L'idea è nata da alcuni amici in comune, che mi dissero che Tonino era un mio fan e voleva conoscermi a tutti i costi. Lui capita spesso a Napoli. È successo che a un certo punto l'ho cercato, sono andata a un suo concerto, lui poi è venuto a vedere un mio spettacolo... una situazione abbastanza magica, era inverno. Ci siamo incontrati, conosciuti. Lui è molto bravo. Subito il giorno dopo l'ho portato in sala ("prima che torni a Madrid", gli dissi, "vieni e mettimi questa voce"). Ha fatto un grande sforzo, perché registrammo la canzone a mezzogiorno e per lui è notte fonda - come tempi è abbastanza disorganizzato. Però ha fatto questo sforzo, era molto contento e mi racconta che cantare con me è sempre stato il suo sogno, nonostante possa vantare collaborazioni di successo con Manu Chao e altri artisti. Presi la palla al balzo. Avevo chiamato anche Gerard Depardieu, avrei cantato insieme a lui la canzone "La luna", ma in quel momento era impegnato e non ha potuto partecipare.

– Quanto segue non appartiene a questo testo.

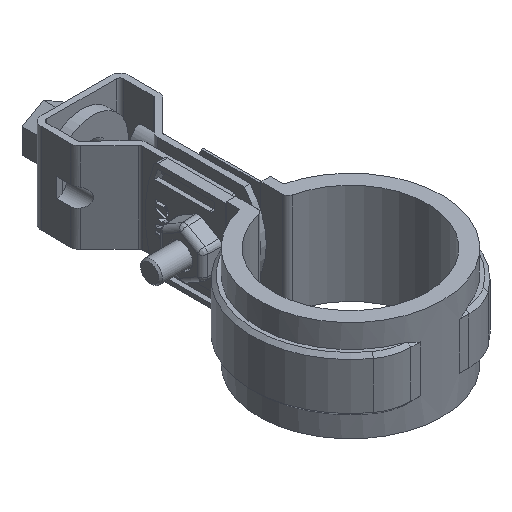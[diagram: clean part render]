
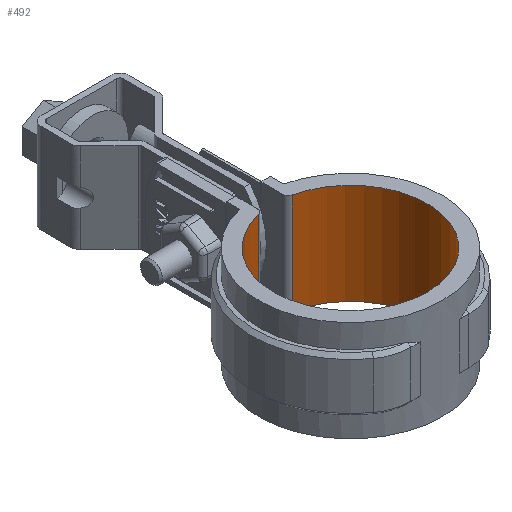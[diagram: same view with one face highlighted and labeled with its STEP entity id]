
A CAD part, isometric view. The second image highlights one B-rep face of the part: STEP entity #492.
In plain terms, the highlighted cylindrical face has radius 21.35 mm (diameter 42.7 mm), a partial arc.
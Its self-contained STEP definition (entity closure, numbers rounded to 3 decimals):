
#492 = ADVANCED_FACE( '', ( #993 ), #994, .F. );
#993 = FACE_OUTER_BOUND( '', #2086, .T. );
#994 = CYLINDRICAL_SURFACE( '', #2087, 21.35 );
#2086 = EDGE_LOOP( '', ( #5525, #5526, #5527, #5528 ) );
#2087 = AXIS2_PLACEMENT_3D( '', #5529, #5530, #5531 );
#5525 = ORIENTED_EDGE( '', *, *, #7708, .F. );
#5526 = ORIENTED_EDGE( '', *, *, #7738, .T. );
#5527 = ORIENTED_EDGE( '', *, *, #7680, .T. );
#5528 = ORIENTED_EDGE( '', *, *, #7622, .T. );
#5529 = CARTESIAN_POINT( '', ( 0., 0., -87.728 ) );
#5530 = DIRECTION( '', ( 0., 0., 1. ) );
#5531 = DIRECTION( '', ( -1., 0., 0. ) );
#7622 = EDGE_CURVE( '', #8818, #8815, #8819, .T. );
#7680 = EDGE_CURVE( '', #8908, #8818, #8909, .F. );
#7708 = EDGE_CURVE( '', #8947, #8815, #8949, .F. );
#7738 = EDGE_CURVE( '', #8947, #8908, #8989, .T. );
#8815 = VERTEX_POINT( '', #12284 );
#8818 = VERTEX_POINT( '', #12287 );
#8819 = LINE( '', #12288, #12289 );
#8908 = VERTEX_POINT( '', #12955 );
#8909 = CIRCLE( '', #12956, 21.35 );
#8947 = VERTEX_POINT( '', #13043 );
#8949 = CIRCLE( '', #13045, 21.35 );
#8989 = LINE( '', #13111, #13112 );
#12284 = CARTESIAN_POINT( '', ( 4.672, 20.833, -26.5 ) );
#12287 = CARTESIAN_POINT( '', ( 4.672, 20.833, 1.5 ) );
#12288 = CARTESIAN_POINT( '', ( 4.672, 20.833, -87.728 ) );
#12289 = VECTOR( '', #14856, 1000. );
#12955 = CARTESIAN_POINT( '', ( -4.672, 20.833, 1.5 ) );
#12956 = AXIS2_PLACEMENT_3D( '', #14907, #14908, #14909 );
#13043 = CARTESIAN_POINT( '', ( -4.672, 20.833, -26.5 ) );
#13045 = AXIS2_PLACEMENT_3D( '', #14949, #14950, #14951 );
#13111 = CARTESIAN_POINT( '', ( -4.672, 20.833, -87.728 ) );
#13112 = VECTOR( '', #14997, 1000. );
#14856 = DIRECTION( '', ( 0., 0., -1. ) );
#14907 = CARTESIAN_POINT( '', ( 0., 0., 1.5 ) );
#14908 = DIRECTION( '', ( 0., 0., -1. ) );
#14909 = DIRECTION( '', ( -1., 0., 0. ) );
#14949 = CARTESIAN_POINT( '', ( 0., 0., -26.5 ) );
#14950 = DIRECTION( '', ( 0., 0., -1. ) );
#14951 = DIRECTION( '', ( -1., 0., 0. ) );
#14997 = DIRECTION( '', ( 0., 0., 1. ) );

C'è un'altra voce che ti accompagna nel disco, quella di Fulvio Bennato. C'è una canzone, scritta da lui, intitolata "Far Away". Perché un duetto madre-figlio e perché un brano in inglese?
Fulvio vive da molto tempo all'estero, e mi piaceva questa sua canzone, "Far Away", che parla di lontananza. Gli chiesi: "Perché non metterla su disco? Siamo madre e figlio, lontani, sarà un brano poetico". Lui all'inizio non voleva saperne nulla - fa la sua musica, vive in Australia, ha viaggiato in India, in Indonesia, e canta in inglese. Ha scritto anche una canzone in italiano, che per me è bellissima, ma lui non ne sembra troppo convinto.

Ci sono due cover. Il disco inizia con un duetto e finisce con un brano eseguito senza strumenti, con un forte riverbero. Ho trovato molto curiosa la scelta.
È il percorso della nostra vita. Nasciamo insieme ad altri, in duo, in trio... figli, padri... e poi rimaniamo da soli, senza più neanche la musica ad accompagnarci. Sono contenta che ti sia arrivata come emozione. È ciò che conta quando fai musica, arte, cinema...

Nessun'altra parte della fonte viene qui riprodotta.